3.3. Prediction of B-cell and T-cell Epitopes
The epitope selection process was carried out in two main stages. Initially, the three selected antigens (SAG1, GRA1, and MIC4) were analyzed to predict potential B-cell epitopes, and the identified epitope sites are summarized in Table 1 . Next, each of these B-cell epitope sites was evaluated for the presence of T-cell epitopes. Fragments of 120 amino acids containing the highest number of T-cell epitopes with binding scores above 9 were prioritized as immunologically relevant regions, as summarized in Table 2 . Analysis of T-cell epitope prediction revealed multiple high-affinity MHC class I and class II binding peptides within these selected fragments.
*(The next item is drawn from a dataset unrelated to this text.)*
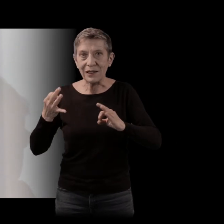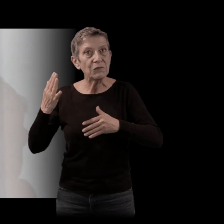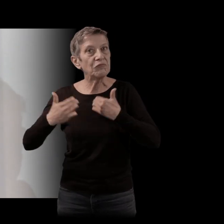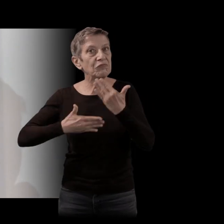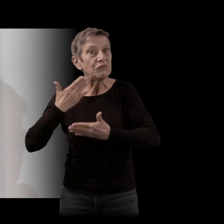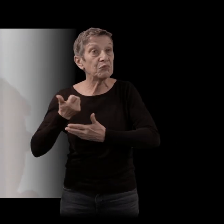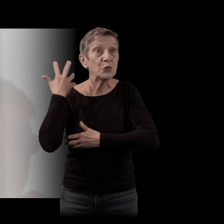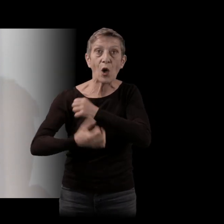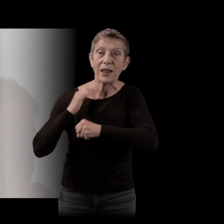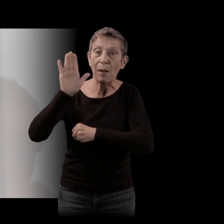des années plus tard,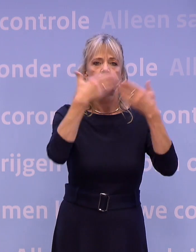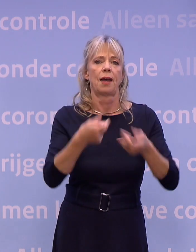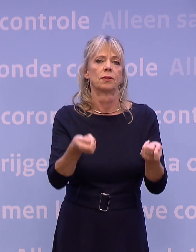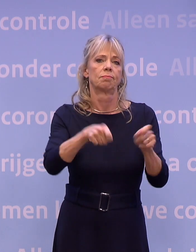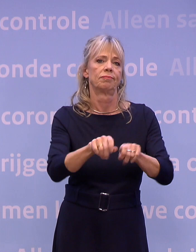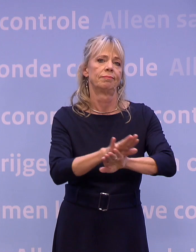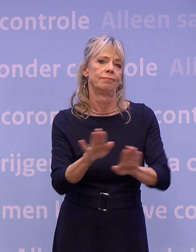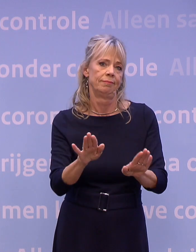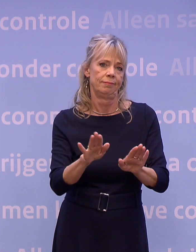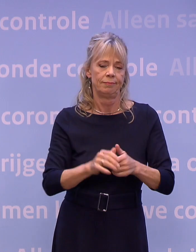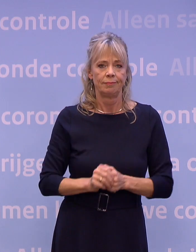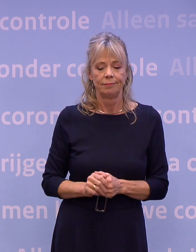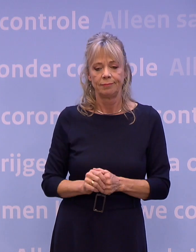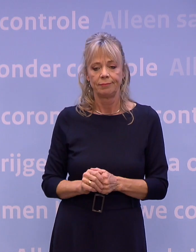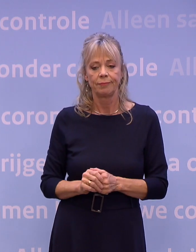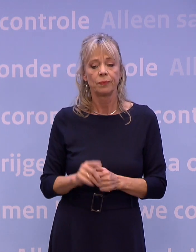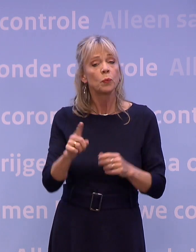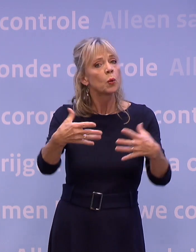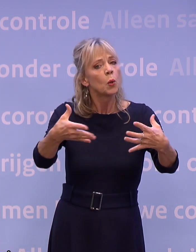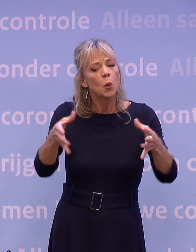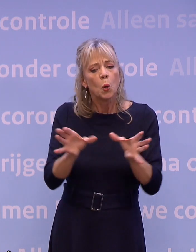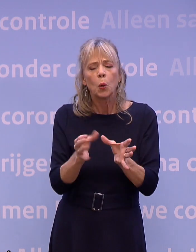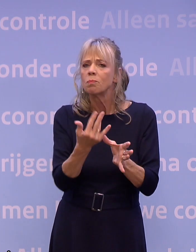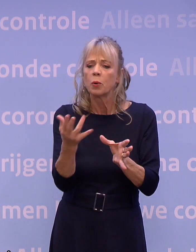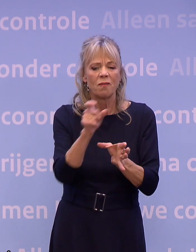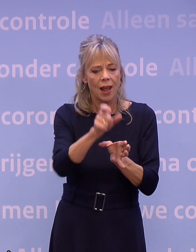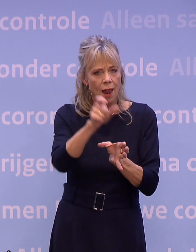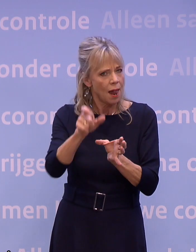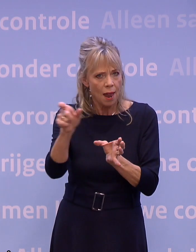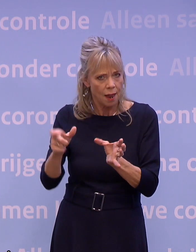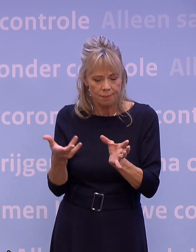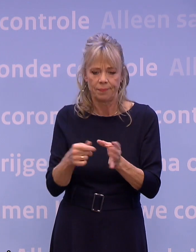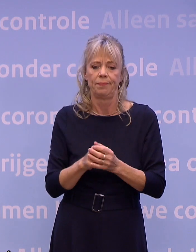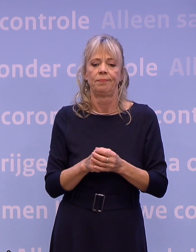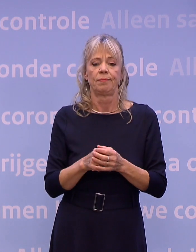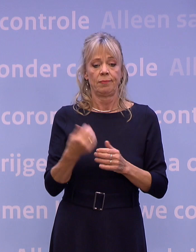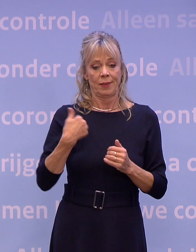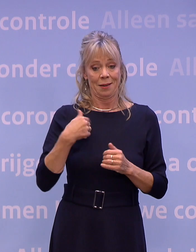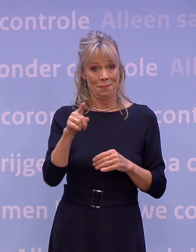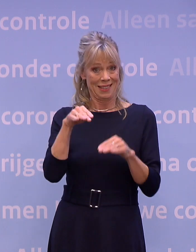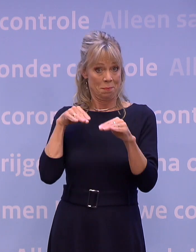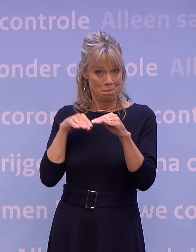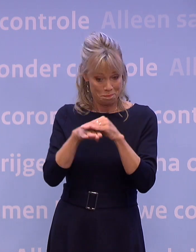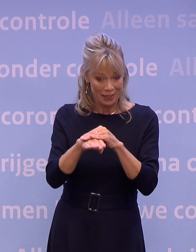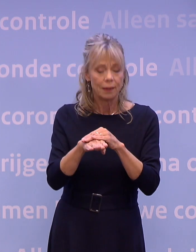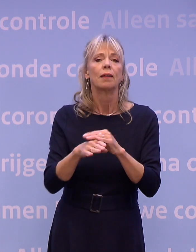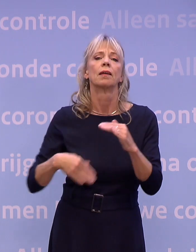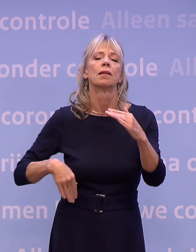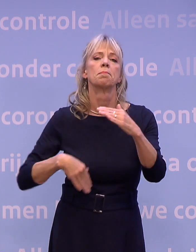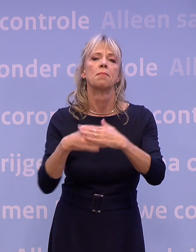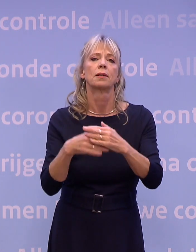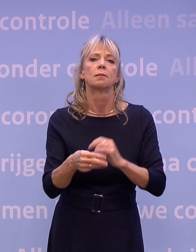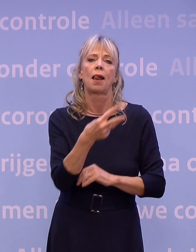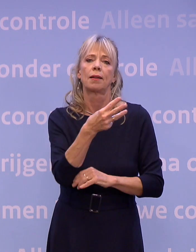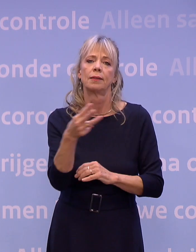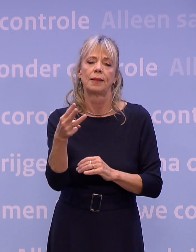Ten tweede, de groepsgrootte. Die gaat voor alle binnenruimtes waar mensen zitten naar maximaal dertig personen

These regions contained the highest density of predicted MHC-binding epitopes across the evaluated alleles specific to the BALB/c mouse model. Given the critical role of Th1-mediated immune responses in controlling intracellular parasites such as T. gondii , these fragments were prioritized for chimeric vaccine construction. In parallel, the selected fragments exhibited favorable immunogenic properties, including high surface accessibility, antigenicity, hydrophilicity, and flexibility, representing overlapping B-cell and T-cell epitope-rich regions. To provide a clear overview, the overall workflow for B-cell and T-cell epitope prediction and selection is summarized in Figs. ( 1 and 2 ).
| B-cell Parameters | SAG1 | GRA1 | MIC4 |
|---|---|---|---|
| Bepipred Linear Epitope | 20-80, 80-145, 145-245, 245-300, 300-330 | 67-78, 87-98, 122-145, 170-180 | 70-95, 172-185, 208 222, 240-260, 305-320, 330-405, 417-445 |
| Beta-Turn | 45-65, 90-115, 125-140, 160-170, 180-265, 285-295, 305-315 | 65-80, 86-98, 108-112, 120-125, 135-145, 173-186 | 60-90, 105-133, 150-165, 200-220, 305-320, 330-345, 395-405, 420-445 |
| Accessibility | 60-100, 120-155, 165-210, 220-295 | 65-75, 87-90, 105-114, 119-125, 138-147, 167-180 | 175-200, 218-235, 270-278, 285-318, 360-381 |
| Flexibility | 60-115, 120-170, 190-290, 305-315 | 70-80, 85-95, 105-115, 120-128, 137-145, 165-182 | 70-97, 175-185, 205-245, 255-278, 305-318, 360-380, 400-410, 420-445 |
| Antigenicity | 25-120, 140-220, 280-300, 310-336 | 78-86, 90-103, 115-120, 132-137, 145-170 | 100-130, 150-170, 235-270, 280-305, 330-345, 440-453 |
| Hydrophilicity | 55-115, 125-140, 160-240, 250-320 | 67-75, 85-100, 106-113, 120-145, 155-180 | 70-95, 173-185, 207-222, 240-260, 305-320, 330-345, 395-407, 415-445 |
| Protein | Amino acid Start Position1 | Number of Binding Epitopes2 | Total3 | |||||
|---|---|---|---|---|---|---|---|---|
| Name | H2-Kd | H2-Ld | H2-Dd | I-Ad | I-Ed | MHC- I | MHC- II | |
| SAG1 | 242, 273 | -- | 190, 198, 206, 221, 227, 259, 261, 275, 288 | 181, 184, 195, 200, 217, 247, 260, 268, 278, 296, 300 | 181, 214, 221, 241, 267, 271, 279, 292, 298 | 11 | 20 | 31 |
| GRA1 | -- | -- | 71, 74, 122, 137 | 65, 81, 94, 114, 142, 144, 148, 151, 155 | 155, 165, 171 | 4 | 12 | 16 |
| MIC4 | 361, 378 | -- | 374, 378, 383, 417, 424, 457, 466, 470, 471 | 369, 398, 403, 432, 441, 445, 458, 462 | 363, 369, 379, 420, 428, 444, 459, 466, 469 | 11 | 17 | 28 |
Note: 1: Epitopes exhibiting a binding score greater than 9.
2: Number of high-scoring (score > 9) epitopes predicted to bind MHC-I and MHC-II within SAG1 (181-300), GRA1 (61-180), and MIC4 (361-480) antigens.
3: Total count of epitopes with scores above 9 in the SAG1 (181-300), GRA1 (61-180), and MIC4 (361-480) antigens.

Workflow for prediction and selection of B-cell and T-cell epitopes in SAG1, GRA1, and MIC4. Protein sequences were retrieved from public databases and analyzed for signal peptides and transmembrane helices. Linear B-cell epitopes were predicted based on antigenicity, flexibility, surface accessibility, hydrophilicity, and β-turn propensity. MHC class I and II T-cell epitopes were predicted based on binding affinity to reference human leukocyte antigen (HLA) alleles. High-scoring, overlapping epitopes were selected and assembled using appropriate linkers to generate the final chimeric SGM construct.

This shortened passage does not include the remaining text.